#### What is needed:
Reproduce the records below exactly; the images should not appear.

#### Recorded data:
________
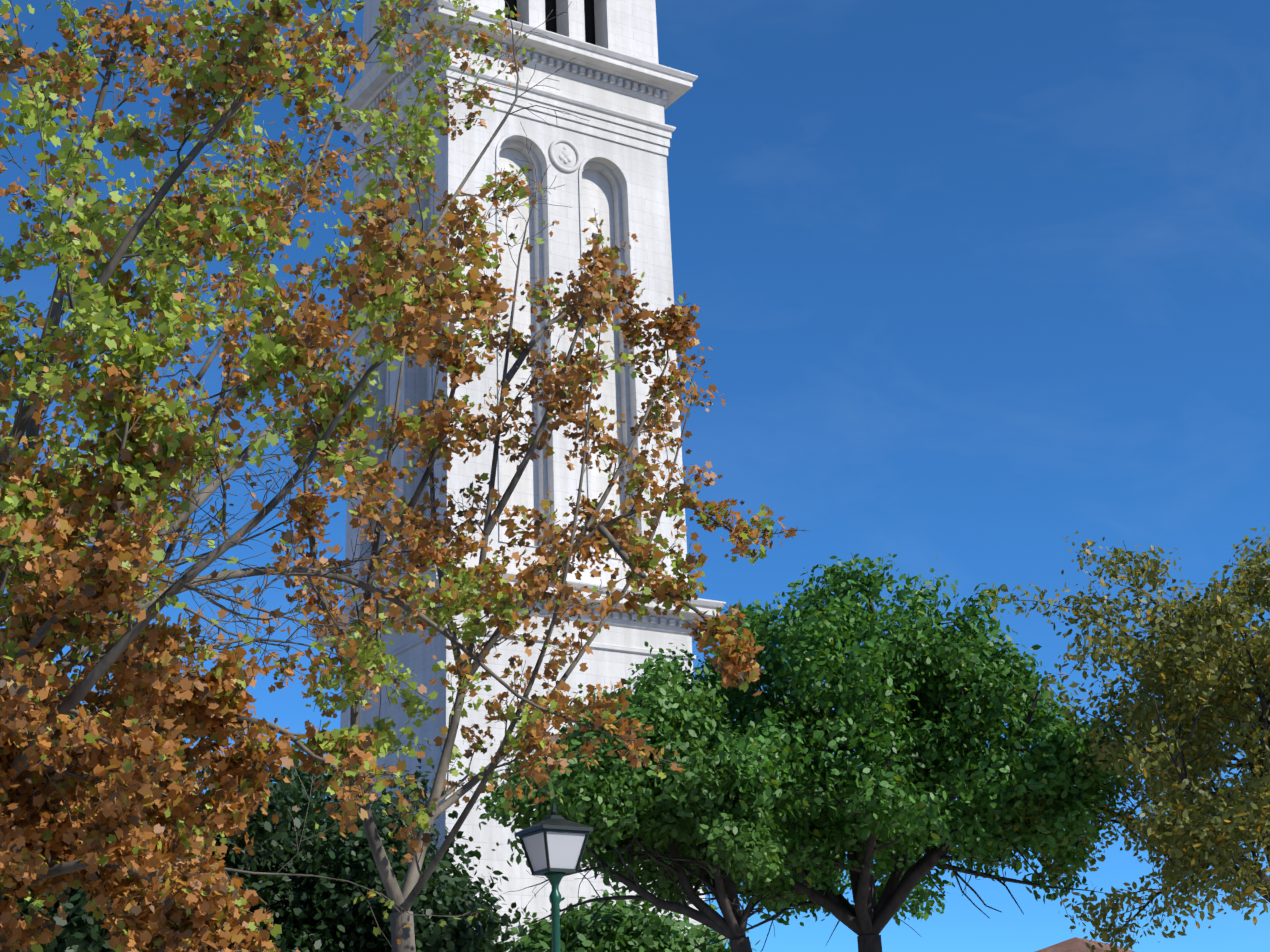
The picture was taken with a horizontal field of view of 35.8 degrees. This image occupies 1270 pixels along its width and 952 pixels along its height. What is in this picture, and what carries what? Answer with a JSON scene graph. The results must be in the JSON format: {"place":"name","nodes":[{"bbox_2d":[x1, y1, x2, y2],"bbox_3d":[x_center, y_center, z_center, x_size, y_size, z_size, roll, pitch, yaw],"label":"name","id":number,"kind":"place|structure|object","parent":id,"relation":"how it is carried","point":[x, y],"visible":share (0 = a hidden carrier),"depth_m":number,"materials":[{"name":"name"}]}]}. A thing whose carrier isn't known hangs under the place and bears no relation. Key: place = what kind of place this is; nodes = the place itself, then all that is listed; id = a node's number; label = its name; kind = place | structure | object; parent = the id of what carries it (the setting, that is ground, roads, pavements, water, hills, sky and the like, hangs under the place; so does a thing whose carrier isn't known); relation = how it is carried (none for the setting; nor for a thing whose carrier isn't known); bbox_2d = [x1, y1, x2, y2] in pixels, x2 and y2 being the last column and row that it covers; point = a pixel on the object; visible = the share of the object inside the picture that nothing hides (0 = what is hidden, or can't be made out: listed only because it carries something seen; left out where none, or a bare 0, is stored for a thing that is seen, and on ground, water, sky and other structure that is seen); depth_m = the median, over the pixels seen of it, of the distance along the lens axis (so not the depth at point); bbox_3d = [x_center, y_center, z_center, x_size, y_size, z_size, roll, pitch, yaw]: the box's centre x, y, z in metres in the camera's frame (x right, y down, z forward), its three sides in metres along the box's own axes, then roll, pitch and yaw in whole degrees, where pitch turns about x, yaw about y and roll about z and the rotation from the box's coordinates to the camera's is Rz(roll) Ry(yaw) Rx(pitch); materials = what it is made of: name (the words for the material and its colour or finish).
{"place":"outdoors","nodes":[
{"label":"outdoors","id":0,"kind":"place"},
{"bbox_2d":[2,669,324,951],"bbox_3d":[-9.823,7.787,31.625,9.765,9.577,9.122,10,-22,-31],"label":"dark tree","id":1,"kind":"object","parent":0,"point":[73,935],"depth_m":30.59,"materials":[{"name":"green plant"}]},
{"bbox_2d":[0,0,682,951],"bbox_3d":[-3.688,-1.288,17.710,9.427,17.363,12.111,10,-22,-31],"label":"plane tree","id":2,"kind":"object","parent":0,"point":[178,912],"depth_m":13.18,"materials":[{"name":"green plant"}]},
{"bbox_2d":[213,750,535,951],"bbox_3d":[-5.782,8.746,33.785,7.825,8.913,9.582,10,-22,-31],"label":"dark tree","id":3,"kind":"object","parent":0,"point":[339,929],"depth_m":32.07,"materials":[{"name":"green plant"}]},
{"bbox_2d":[309,0,725,951],"bbox_3d":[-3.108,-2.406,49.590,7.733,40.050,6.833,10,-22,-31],"label":"bell tower","id":4,"kind":"structure","parent":0,"point":[619,86],"depth_m":47.99,"materials":[{"name":"paint"}]},
{"bbox_2d":[265,121,807,951],"bbox_3d":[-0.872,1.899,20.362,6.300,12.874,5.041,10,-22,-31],"label":"plane tree","id":5,"kind":"object","parent":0,"point":[729,662],"depth_m":20.34,"materials":[{"name":"plant"}]},
{"bbox_2d":[500,889,759,951],"bbox_3d":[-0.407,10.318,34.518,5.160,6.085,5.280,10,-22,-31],"label":"bush","id":6,"kind":"object","parent":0,"point":[645,934],"depth_m":33.69,"materials":[{"name":"green plant"}]},
{"bbox_2d":[0,0,1269,951],"label":"sky","id":7,"kind":"structure","parent":0,"point":[979,286],"materials":[{"name":"blue"}]},
{"bbox_2d":[476,657,808,951],"bbox_3d":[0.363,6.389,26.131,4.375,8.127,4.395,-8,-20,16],"label":"green tree","id":8,"kind":"object","parent":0,"point":[695,807],"depth_m":25.87,"materials":[{"name":"green plant"}]},
{"bbox_2d":[534,553,1142,951],"bbox_3d":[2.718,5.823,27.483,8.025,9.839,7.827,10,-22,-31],"label":"green tree","id":9,"kind":"object","parent":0,"point":[1046,731],"depth_m":26.56,"materials":[{"name":"green plant"}]},
{"bbox_2d":[1035,937,1134,951],"bbox_3d":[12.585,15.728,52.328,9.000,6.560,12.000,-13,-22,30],"label":"roof","id":10,"kind":"structure","parent":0,"point":[1075,944],"depth_m":51.64,"materials":[{"name":"tile"}]},
{"bbox_2d":[977,526,1269,951],"bbox_3d":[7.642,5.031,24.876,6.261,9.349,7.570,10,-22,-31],"label":"olive tree","id":11,"kind":"object","parent":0,"point":[1162,658],"depth_m":23.82,"materials":[{"name":"green plant"}]},
{"label":"ground","id":12,"kind":"structure","parent":0,"visible":0},
{"bbox_2d":[515,803,592,951],"bbox_3d":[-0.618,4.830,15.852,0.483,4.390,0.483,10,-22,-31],"label":"street lamp","id":13,"kind":"object","parent":12,"relation":"on","point":[553,844],"visible":1,"depth_m":16.31,"materials":[{"name":"green paint"}]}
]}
________
#### Solution to the problem:
The picture was taken with a horizontal field of view of 35.8 degrees. This image occupies 1270 pixels along its width and 952 pixels along its height. What is in this picture, and what carries what? Answer with a JSON scene graph. The results must be in the JSON format: {"place":"name","nodes":[{"bbox_2d":[x1, y1, x2, y2],"bbox_3d":[x_center, y_center, z_center, x_size, y_size, z_size, roll, pitch, yaw],"label":"name","id":number,"kind":"place|structure|object","parent":id,"relation":"how it is carried","point":[x, y],"visible":share (0 = a hidden carrier),"depth_m":number,"materials":[{"name":"name"}]}]}. A thing whose carrier isn't known hangs under the place and bears no relation. Key: place = what kind of place this is; nodes = the place itself, then all that is listed; id = a node's number; label = its name; kind = place | structure | object; parent = the id of what carries it (the setting, that is ground, roads, pavements, water, hills, sky and the like, hangs under the place; so does a thing whose carrier isn't known); relation = how it is carried (none for the setting; nor for a thing whose carrier isn't known); bbox_2d = [x1, y1, x2, y2] in pixels, x2 and y2 being the last column and row that it covers; point = a pixel on the object; visible = the share of the object inside the picture that nothing hides (0 = what is hidden, or can't be made out: listed only because it carries something seen; left out where none, or a bare 0, is stored for a thing that is seen, and on ground, water, sky and other structure that is seen); depth_m = the median, over the pixels seen of it, of the distance along the lens axis (so not the depth at point); bbox_3d = [x_center, y_center, z_center, x_size, y_size, z_size, roll, pitch, yaw]: the box's centre x, y, z in metres in the camera's frame (x right, y down, z forward), its three sides in metres along the box's own axes, then roll, pitch and yaw in whole degrees, where pitch turns about x, yaw about y and roll about z and the rotation from the box's coordinates to the camera's is Rz(roll) Ry(yaw) Rx(pitch); materials = what it is made of: name (the words for the material and its colour or finish).
{"place":"outdoors","nodes":[
{"label":"outdoors","id":0,"kind":"place"},
{"bbox_2d":[2,669,324,951],"bbox_3d":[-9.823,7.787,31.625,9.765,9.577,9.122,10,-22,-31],"label":"dark tree","id":1,"kind":"object","parent":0,"point":[73,935],"depth_m":30.59,"materials":[{"name":"green plant"}]},
{"bbox_2d":[0,0,682,951],"bbox_3d":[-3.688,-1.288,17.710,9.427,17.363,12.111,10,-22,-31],"label":"plane tree","id":2,"kind":"object","parent":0,"point":[178,912],"depth_m":13.18,"materials":[{"name":"green plant"}]},
{"bbox_2d":[213,750,535,951],"bbox_3d":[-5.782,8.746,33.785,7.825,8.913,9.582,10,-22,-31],"label":"dark tree","id":3,"kind":"object","parent":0,"point":[339,929],"depth_m":32.07,"materials":[{"name":"green plant"}]},
{"bbox_2d":[309,0,725,951],"bbox_3d":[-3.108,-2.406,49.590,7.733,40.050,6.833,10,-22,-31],"label":"bell tower","id":4,"kind":"structure","parent":0,"point":[619,86],"depth_m":47.99,"materials":[{"name":"paint"}]},
{"bbox_2d":[265,121,807,951],"bbox_3d":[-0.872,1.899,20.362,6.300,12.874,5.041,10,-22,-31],"label":"plane tree","id":5,"kind":"object","parent":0,"point":[729,662],"depth_m":20.34,"materials":[{"name":"plant"}]},
{"bbox_2d":[500,889,759,951],"bbox_3d":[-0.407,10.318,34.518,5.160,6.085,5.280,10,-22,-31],"label":"bush","id":6,"kind":"object","parent":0,"point":[645,934],"depth_m":33.69,"materials":[{"name":"green plant"}]},
{"bbox_2d":[0,0,1269,951],"label":"sky","id":7,"kind":"structure","parent":0,"point":[979,286],"materials":[{"name":"blue"}]},
{"bbox_2d":[476,657,808,951],"bbox_3d":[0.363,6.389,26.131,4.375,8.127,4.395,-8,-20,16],"label":"green tree","id":8,"kind":"object","parent":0,"point":[695,807],"depth_m":25.87,"materials":[{"name":"green plant"}]},
{"bbox_2d":[534,553,1142,951],"bbox_3d":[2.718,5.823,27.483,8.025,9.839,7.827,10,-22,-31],"label":"green tree","id":9,"kind":"object","parent":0,"point":[1046,731],"depth_m":26.56,"materials":[{"name":"green plant"}]},
{"bbox_2d":[1035,937,1134,951],"bbox_3d":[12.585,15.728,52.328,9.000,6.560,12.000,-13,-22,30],"label":"roof","id":10,"kind":"structure","parent":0,"point":[1075,944],"depth_m":51.64,"materials":[{"name":"tile"}]},
{"bbox_2d":[977,526,1269,951],"bbox_3d":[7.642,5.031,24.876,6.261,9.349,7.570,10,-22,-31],"label":"olive tree","id":11,"kind":"object","parent":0,"point":[1162,658],"depth_m":23.82,"materials":[{"name":"green plant"}]},
{"label":"ground","id":12,"kind":"structure","parent":0,"visible":0},
{"bbox_2d":[515,803,592,951],"bbox_3d":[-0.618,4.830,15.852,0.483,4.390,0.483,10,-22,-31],"label":"street lamp","id":13,"kind":"object","parent":12,"relation":"on","point":[553,844],"visible":1,"depth_m":16.31,"materials":[{"name":"green paint"}]}
]}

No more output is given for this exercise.